Con gran placer y orgullo comunicamos que Maternar en el exilio, artículo de nuestra compañera y comadre Sara Martín, acaba de resultar ganador del áccesit del XXI Premio de Divulgación Feminista Carmen de Burgos, otorgado con motivo de las celebraciones del 8M por la Asociación de Estudios Históricos de la Mujer de la Universidad de Málaga. Para celebrarlo, hemos decidido sacarlo del papel y publicarlo en abierto, no sin antes invitarte a descubrir Madre, el quinto volumen de nuestra revista en papel, donde se publicó por primera vez. ¡Enhorabuena, Sara! Gracias por tu compromiso con la escritura y el bienestar de las mujeres.

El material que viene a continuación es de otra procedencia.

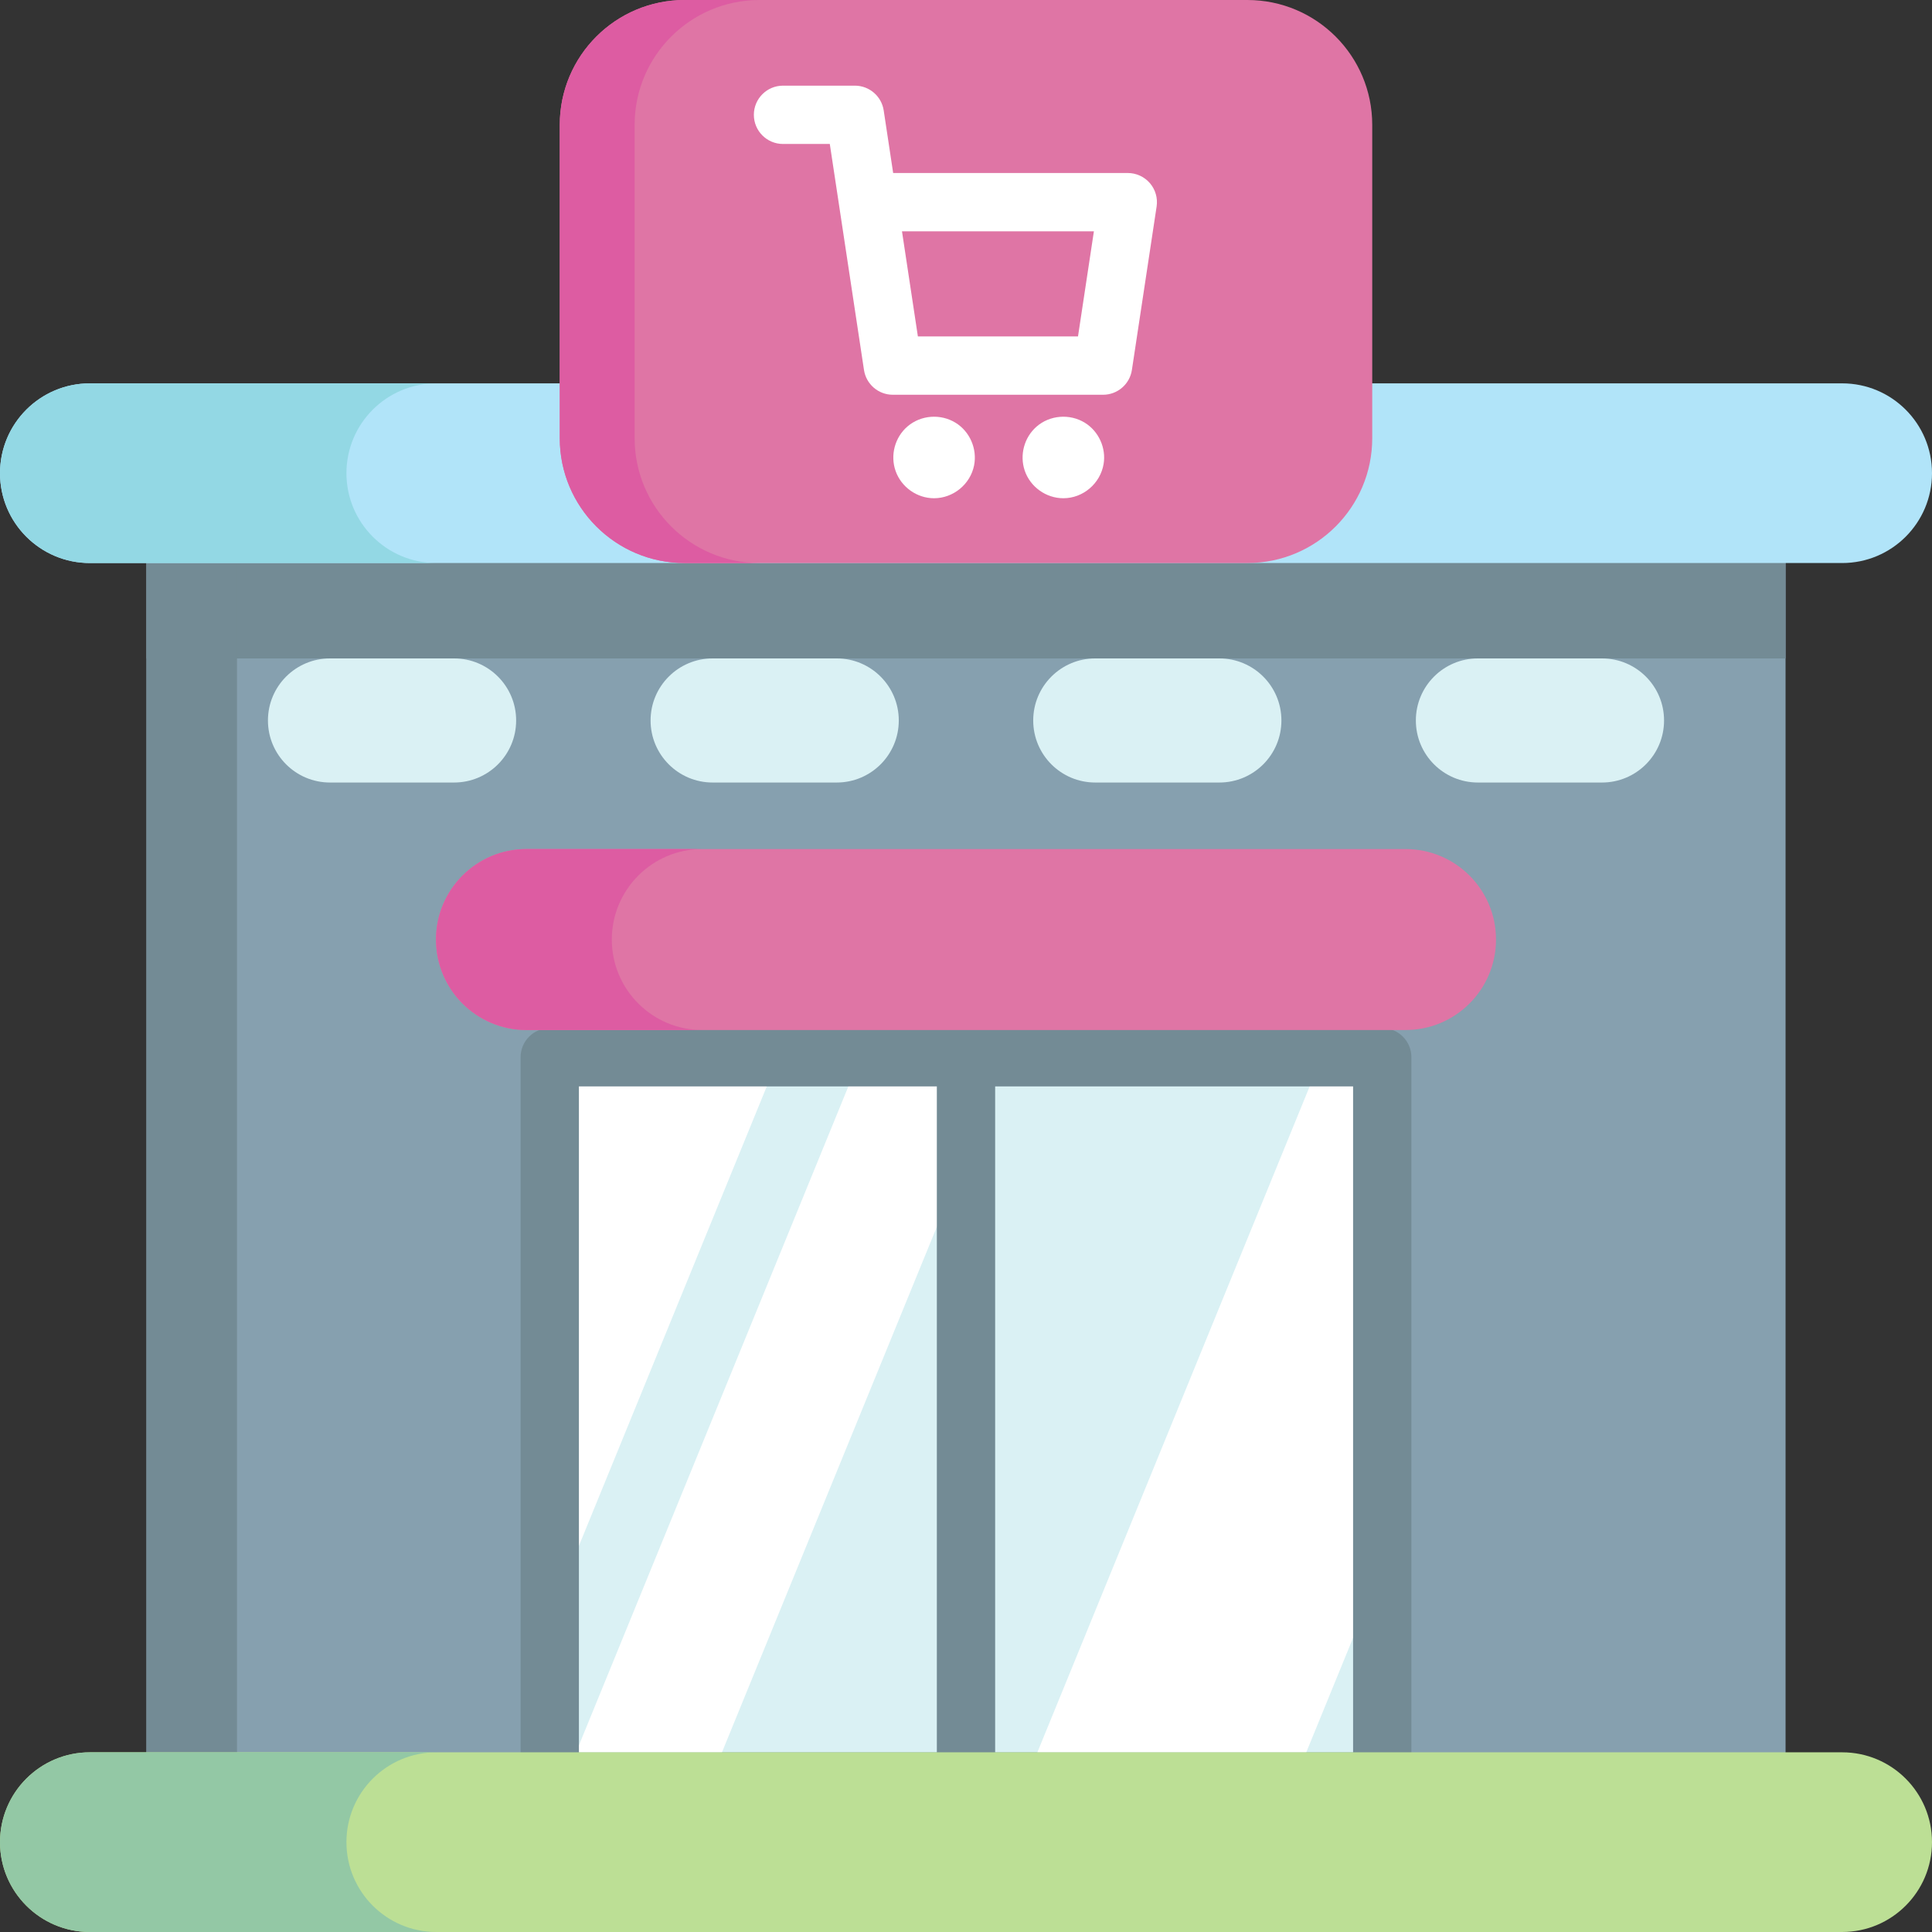 <svg id="Capa_1" enable-background="new 0 0 512 512" height="512" viewBox="0 0 512 512" width="512" xmlns="http://www.w3.org/2000/svg"><rect x="0" y="0" width="512" height="512" fill="#333333" stroke="none"/><g><path d="m38.807 123.963h434.386v364.23h-434.386z" fill="#86a0af"/><path d="m38.807 123.963h434.386v50.527h-434.386z" fill="#738b95"/><path d="m38.806 149.21h24v338.981h-24z" fill="#738b95"/><path d="m488.191 101.593h-464.382c-13.149 0-23.809 10.66-23.809 23.809 0 13.149 10.66 23.809 23.809 23.809h464.382c13.149 0 23.809-10.66 23.809-23.809 0-13.149-10.66-23.809-23.809-23.809z" fill="#b1e4f9"/><path d="m98.784 142.235c4.306 4.306 10.261 6.974 16.833 6.974h-91.81c-6.573 0-12.527-2.668-16.833-6.974-4.306-4.306-6.974-10.26-6.974-16.833 0-13.155 10.662-23.808 23.807-23.808h91.81c-13.145 0-23.807 10.652-23.807 23.808 0 6.573 2.668 12.527 6.974 16.833z" fill="#93d8e4"/><path d="m145.688 280.178h220.624v184.207h-220.624z" fill="#daf1f4"/><g fill="#fff"><path d="m206.366 280.178-60.678 148.377v-148.377z"/><path d="m266.652 280.178-75.327 184.207h-38.662l75.326-184.207z"/><path d="m366.312 280.178v134.944l-20.14 49.263h-71.258l75.327-184.207z"/></g><path d="m366.31 485.615c-4.267 0-7.726-3.459-7.726-7.726v-189.984h-205.167v189.984c0 4.267-3.459 7.726-7.726 7.726s-7.726-3.459-7.726-7.726v-197.71c0-4.267 3.459-7.726 7.726-7.726h220.62c4.267 0 7.726 3.459 7.726 7.726v197.71c-.001 4.267-3.46 7.726-7.727 7.726z" fill="#738b95"/><path d="m256 485.618c-4.267 0-7.726-3.459-7.726-7.726v-197.714c0-4.267 3.459-7.726 7.726-7.726s7.726 3.459 7.726 7.726v197.714c0 4.267-3.459 7.726-7.726 7.726z" fill="#738b95"/><path d="m330.569 149.211h-149.138c-18.274 0-33.088-14.814-33.088-33.088v-83.035c0-18.274 14.814-33.088 33.088-33.088h149.137c18.274 0 33.088 14.814 33.088 33.088v83.035c.001 18.274-14.813 33.088-33.087 33.088z" fill="#df75a5"/><path d="m201.274 149.212h-19.841c-18.275 0-33.089-14.814-33.089-33.089v-83.033c0-18.275 14.814-33.089 33.089-33.089h19.841c-18.275 0-33.089 14.814-33.089 33.089v83.033c-.001 18.275 14.813 33.089 33.089 33.089z" fill="#dd5ca2"/><g fill="#fff"><path d="m304.734 48.537c-1.468-1.706-3.607-2.688-5.858-2.688h-62.179l-2.507-16.577c-.571-3.778-3.818-6.571-7.639-6.571h-19.045c-4.267 0-7.726 3.459-7.726 7.726s3.459 7.726 7.726 7.726h12.399l2.507 16.573v.004l6.551 43.312c.571 3.778 3.818 6.571 7.639 6.571h55.722c3.821 0 7.068-2.793 7.639-6.571l6.551-43.312c.339-2.225-.312-4.487-1.78-6.193zm-19.054 40.624h-42.431l-3.727-24.638-.487-3.221h50.859z"/><g><path d="m247.532 132.038c-4.523 0-8.649-2.923-10.172-7.174-1.502-4.193-.222-9.004 3.178-11.889 3.549-3.012 8.749-3.372 12.703-.938 3.79 2.333 5.766 6.938 4.902 11.296-.992 5-5.519 8.705-10.611 8.705z"/><path d="m281.796 132.038c-4.58 0-8.776-3.002-10.24-7.341-1.384-4.102-.144-8.743 3.105-11.607 3.533-3.115 8.849-3.52 12.844-1.053 3.668 2.265 5.68 6.698 4.958 10.949-.877 5.151-5.423 9.052-10.667 9.052z"/></g></g><g fill="#daf1f4"><path d="m120.339 207.377h-32.887c-9.082 0-16.444-7.362-16.444-16.444 0-9.082 7.362-16.444 16.444-16.444h32.887c9.082 0 16.444 7.362 16.444 16.444 0 9.082-7.362 16.444-16.444 16.444z"/><path d="m221.742 207.377h-32.887c-9.082 0-16.444-7.362-16.444-16.444 0-9.082 7.362-16.444 16.444-16.444h32.887c9.082 0 16.444 7.362 16.444 16.444 0 9.082-7.362 16.444-16.444 16.444z"/><path d="m323.145 207.377h-32.887c-9.082 0-16.444-7.362-16.444-16.444 0-9.082 7.362-16.444 16.444-16.444h32.887c9.082 0 16.444 7.362 16.444 16.444 0 9.082-7.362 16.444-16.444 16.444z"/><path d="m424.548 207.377h-32.887c-9.082 0-16.444-7.362-16.444-16.444 0-9.082 7.362-16.444 16.444-16.444h32.887c9.082 0 16.444 7.362 16.444 16.444 0 9.082-7.362 16.444-16.444 16.444z"/></g><g><path d="m488.191 464.381h-464.382c-13.149 0-23.809 10.66-23.809 23.81 0 13.149 10.66 23.809 23.809 23.809h464.382c13.149 0 23.809-10.66 23.809-23.809 0-13.15-10.66-23.81-23.809-23.81z" fill="#bcdf95"/><path d="m98.784 505.024c4.306 4.306 10.261 6.974 16.833 6.974h-91.81c-6.573 0-12.527-2.668-16.833-6.974s-6.974-10.261-6.974-16.833c0-13.155 10.662-23.808 23.807-23.808h91.81c-13.145 0-23.807 10.652-23.807 23.808 0 6.572 2.668 12.527 6.974 16.833z" fill="#93c8a5"/></g><path d="m372.476 272.967h-232.952c-13.244 0-23.98-10.736-23.98-23.98 0-13.244 10.736-23.98 23.98-23.98h232.953c13.244 0 23.98 10.736 23.98 23.98 0 13.244-10.737 23.98-23.981 23.98z" fill="#df75a5"/><path d="m186.121 272.969h-46.595c-13.248 0-23.983-10.734-23.983-23.983 0-6.624 2.679-12.62 7.026-16.957 4.337-4.337 10.333-7.026 16.957-7.026h46.595c-6.624 0-12.62 2.689-16.957 7.026s-7.026 10.333-7.026 16.957c0 13.249 10.735 23.983 23.983 23.983z" fill="#dd5ca2"/></g></svg>

«La ciudad está organizada para sostener y facilitar los roles de género tradicionales de los hombres, tomando las experiencias masculinas como la norma y mostrando poca consideración por la manera en que la ciudad puede obstruir los caminos de las mujeres e ignorar su experiencia cotidiana de la vida urbana. A esto es a lo que me refiero cuando digo “ciudad de hombres”», dice la filósofa Leslie Kern en su libro Ciudad Feminista (Bellaterra, 2021). Y es que la experiencia de sentirse exiliada en su propia ciudad la comparten todas aquellas personas que no cumplen el estándar de lo que se considera un ciudadano funcional. Personas discapacitadas, ancianas, mujeres —especialmente madres— y, por supuesto, criaturas, somos colectivos acostumbrados a sentir que la ciudad no fue pensada para nosotros, que estorbamos, molestamos y entorpecemos su ritmo natural. No puede dejar de sorprenderme que en una ciudad como Madrid no haya ni un solo espacio digno donde las criaturas puedan pasar una tarde de lluvia o frío —que son muchas en los meses de otoño e invierno— sin necesidad de consumir. Incluso en algunas ludotecas, más de una vez me han pedido por favor que mi hijo de tres años guarde silencio. La inmensa mayoría de los parques, incluso en los barrios más acomodados, están sucios, atestados de colillas, botellas rotas y basura; los columpios tardan meses en arreglarse y su diseño, triste, aparatoso y poco funcional, tiene la impronta evidente de quien no ha visto jugar a un niño en su vida. La desaparición de los bancos, de un tiempo a esta parte, ha cogido un ritmo disparatado. Son incontables las veces que he tenido que sentarme a dar de mamar a mi hijo en un portal, ya que los escasos bancos que encontré en las calles estaban rotos u ocupados por gente que los necesitaba más que yo. En las estrechas aceras cualquier persona mayor con un bastón molesta, una niña con su bici molesta, una madre con el carrito molesta. Cuando me convertí en madre tuve la sensación de venir de una ciudad donde me sentía acogida, cuyo nombre no recordaba, y haber sido exiliada a esta como castigo por el atrevimiento de reproducirme y la disidencia política y social que eso supone.
¿Dónde están las madres?
Cuando mi hijo Mün apenas tenía unos meses, en mis largos paseos por el centro de Madrid cargando con él en el portabebés, solía hacer recuento de las madres en mi misma situación con que me cruzaba en el transcurso de esas dos horas: a veces, una; en muchos casos, ninguna. Paseaban madres con niños mayores, empujando el carrito del pequeño, en medio de la gincana que supone recogerles del colegio e iniciar el periplo por las diferentes extraescolares; madres que arrastraban de la mano a criaturas de entre tres y cinco años, que volvían cansadas a casa con mochilas enormes. Pero madres recién estrenadas, con sus bebés de meses, tomado un café en una cafetería, curioseando en una librería o visitando un museo, era todo un acontecimiento. Parece que una se convierte en madre y ya no se interesa por la literatura, el cine o el arte; que solo piensa en bodies, pañales de tela y potitos ecológicos, que no necesita salir al mundo, ni socializar.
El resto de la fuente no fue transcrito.